-------- Exercise materials --------

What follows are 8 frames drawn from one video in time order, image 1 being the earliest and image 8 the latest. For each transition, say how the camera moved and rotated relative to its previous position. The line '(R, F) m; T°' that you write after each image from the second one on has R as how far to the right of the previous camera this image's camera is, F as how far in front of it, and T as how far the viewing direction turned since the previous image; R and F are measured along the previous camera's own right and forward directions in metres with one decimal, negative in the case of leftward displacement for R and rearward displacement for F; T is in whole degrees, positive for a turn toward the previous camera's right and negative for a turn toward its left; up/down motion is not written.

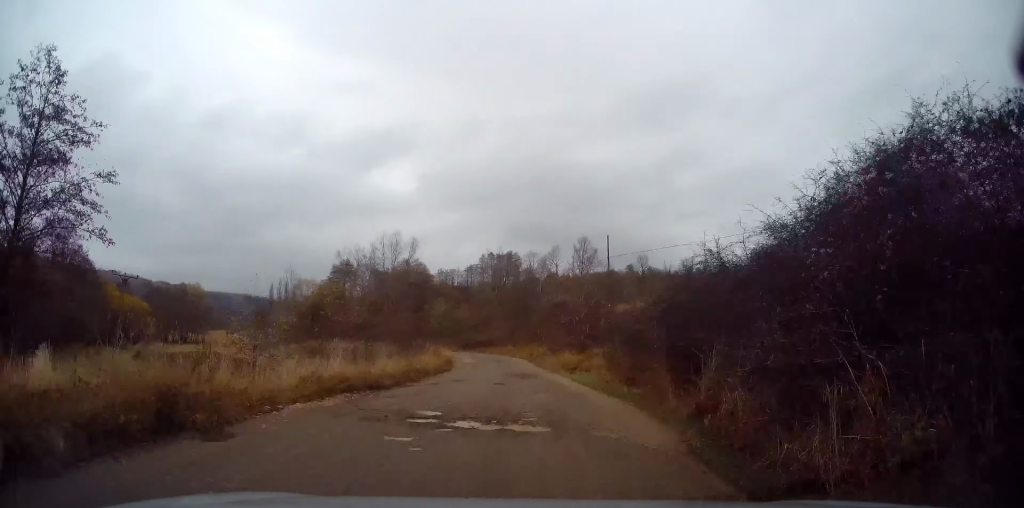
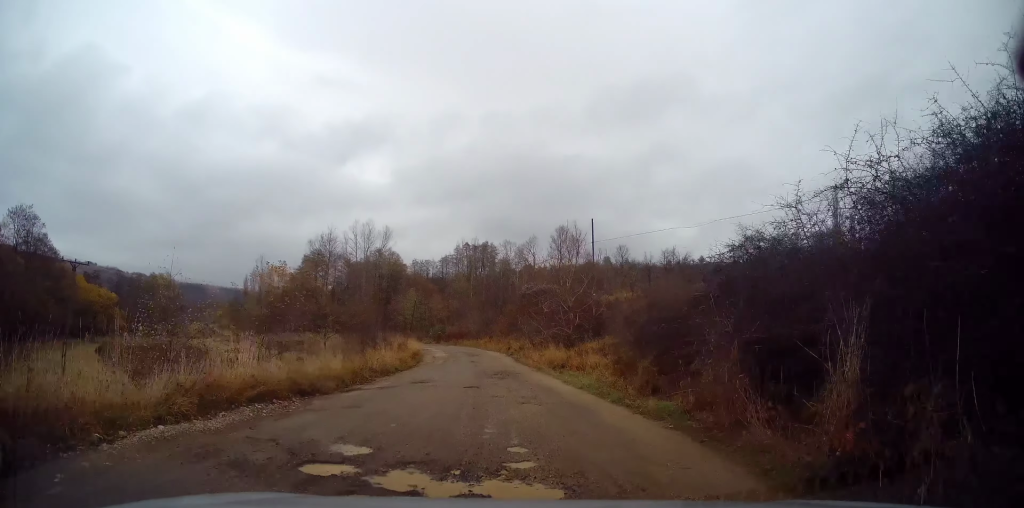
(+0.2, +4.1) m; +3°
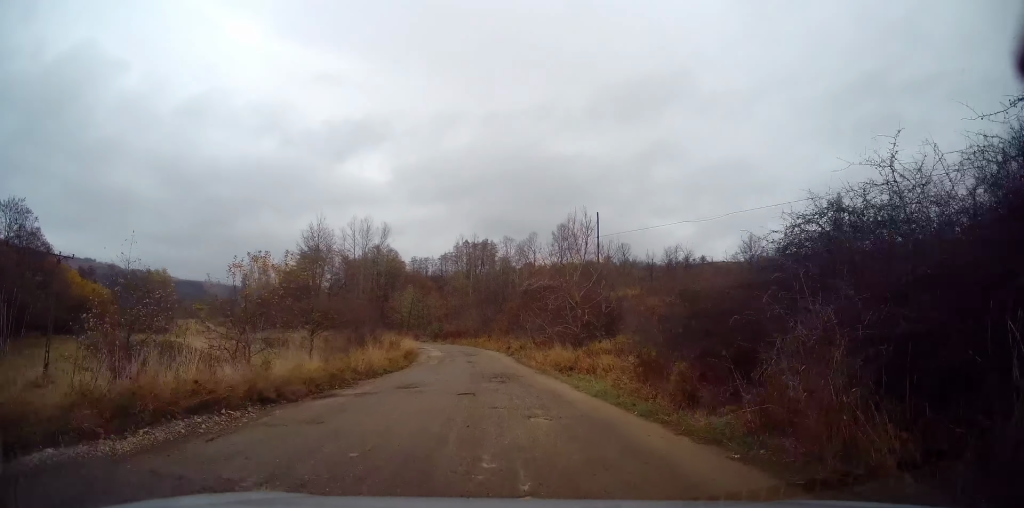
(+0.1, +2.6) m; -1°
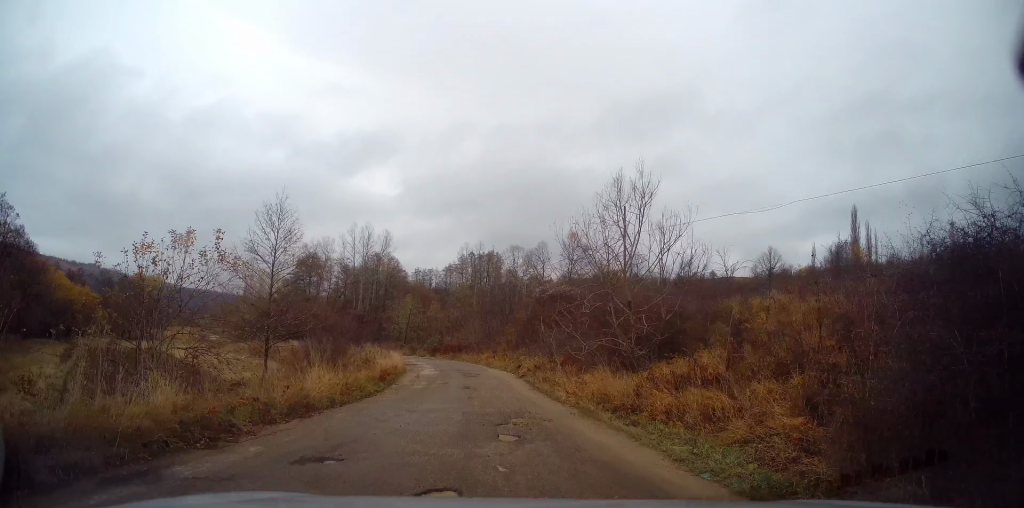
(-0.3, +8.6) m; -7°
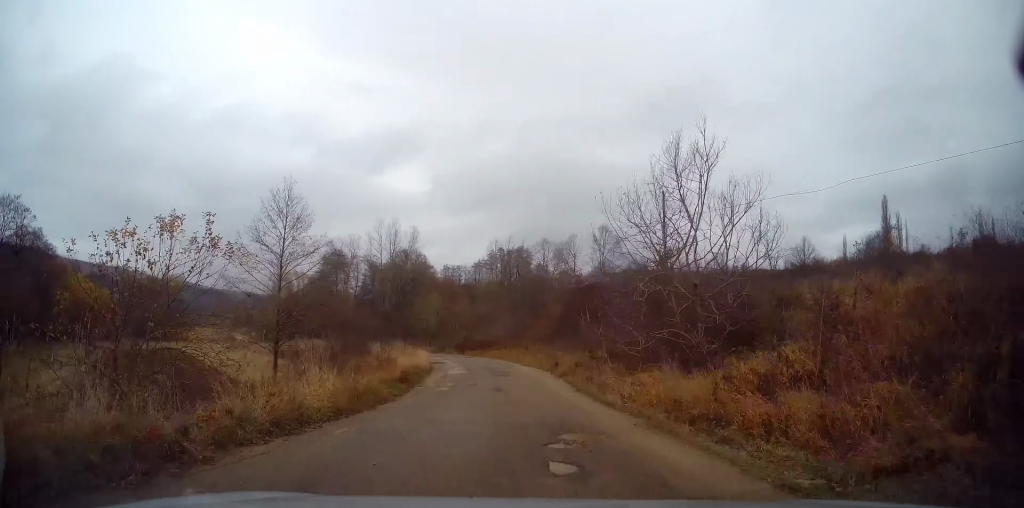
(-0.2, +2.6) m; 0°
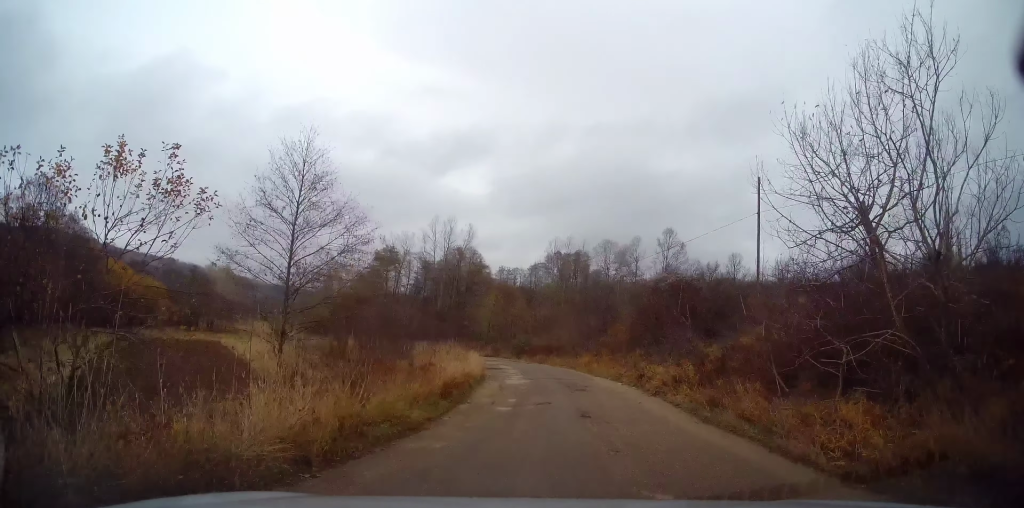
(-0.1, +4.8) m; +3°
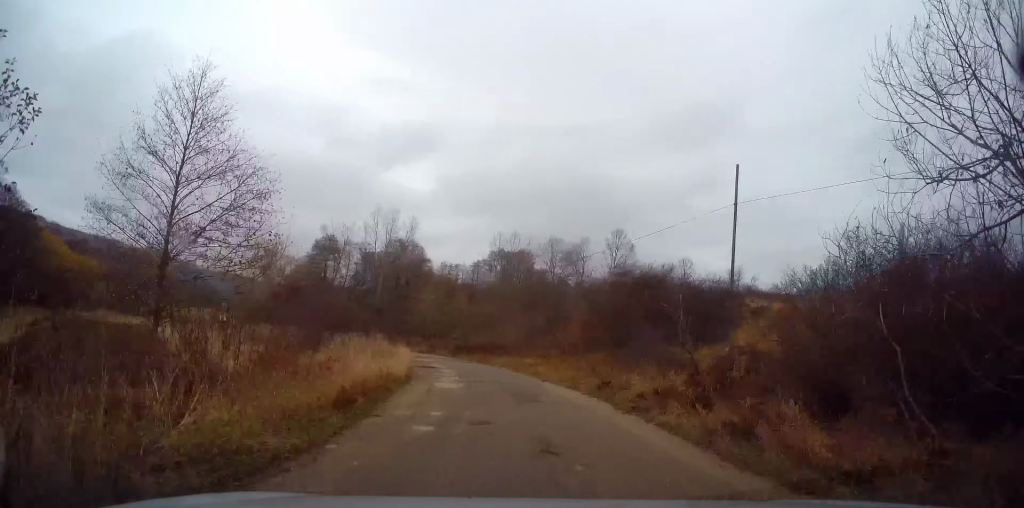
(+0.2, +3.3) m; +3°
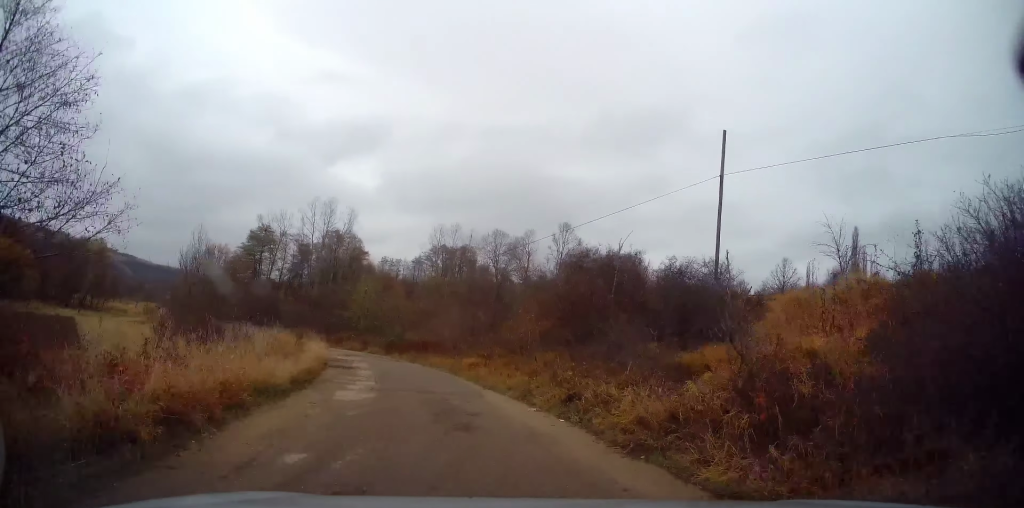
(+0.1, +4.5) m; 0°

--------
-------- Exercise materials --------

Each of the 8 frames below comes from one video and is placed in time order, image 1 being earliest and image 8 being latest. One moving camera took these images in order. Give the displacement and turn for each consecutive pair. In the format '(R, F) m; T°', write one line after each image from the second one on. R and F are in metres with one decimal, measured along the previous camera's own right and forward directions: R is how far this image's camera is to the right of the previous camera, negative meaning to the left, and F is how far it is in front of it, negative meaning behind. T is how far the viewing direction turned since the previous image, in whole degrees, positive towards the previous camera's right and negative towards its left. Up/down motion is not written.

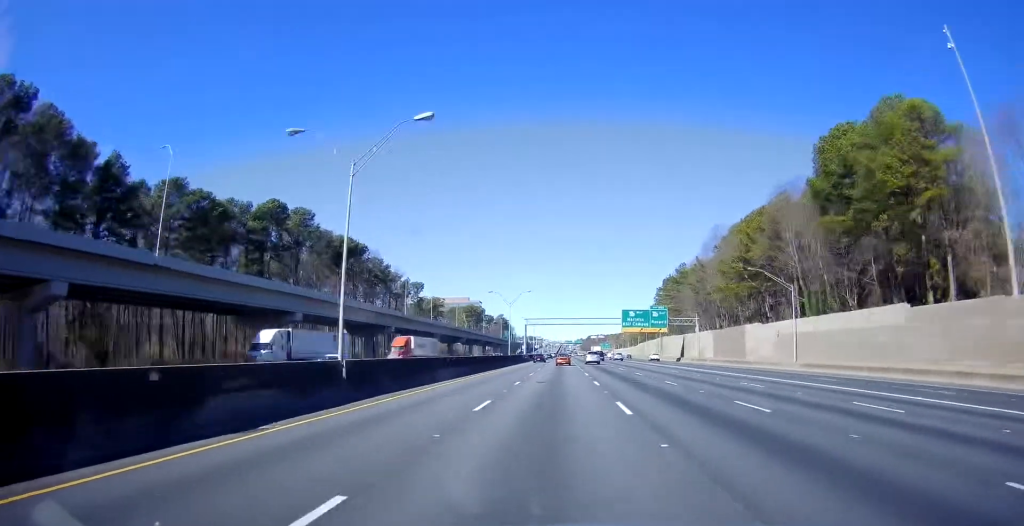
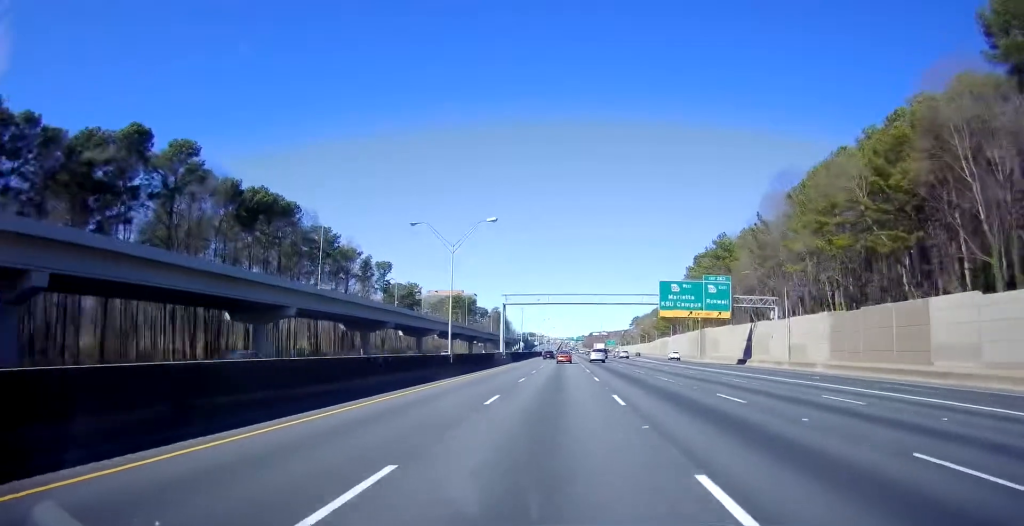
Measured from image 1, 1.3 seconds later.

--------
-------- Exercise materials --------

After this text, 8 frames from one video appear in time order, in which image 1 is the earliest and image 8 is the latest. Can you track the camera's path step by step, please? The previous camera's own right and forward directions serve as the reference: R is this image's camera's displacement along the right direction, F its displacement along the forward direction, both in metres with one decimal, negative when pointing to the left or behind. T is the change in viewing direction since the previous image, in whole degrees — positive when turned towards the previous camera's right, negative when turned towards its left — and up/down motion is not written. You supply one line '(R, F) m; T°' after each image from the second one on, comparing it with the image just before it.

--------

Show each line of the data that contains the string "towards".

» **Written response**
Each of the 8 frames below comes from one video and is placed in time order, image 1 being earliest and image 8 being latest. One moving camera took these images in order. Give the displacement and turn for each consecutive pair. In the format '(R, F) m; T°', write one line after each image from the second one on. R and F are in metres with one decimal, measured along the previous camera's own right and forward directions: R is how far this image's camera is to the right of the previous camera, negative meaning to the left, and F is how far it is in front of it, negative meaning behind. T is how far the viewing direction turned since the previous image, in whole degrees, positive towards the previous camera's right and negative towards its left. Up/down motion is not written.
After this text, 8 frames from one video appear in time order, in which image 1 is the earliest and image 8 is the latest. Can you track the camera's path step by step, please? The previous camera's own right and forward directions serve as the reference: R is this image's camera's displacement along the right direction, F its displacement along the forward direction, both in metres with one decimal, negative when pointing to the left or behind. T is the change in viewing direction since the previous image, in whole degrees — positive when turned towards the previous camera's right, negative when turned towards its left — and up/down motion is not written. You supply one line '(R, F) m; T°' after each image from the second one on, comparing it with the image just before it.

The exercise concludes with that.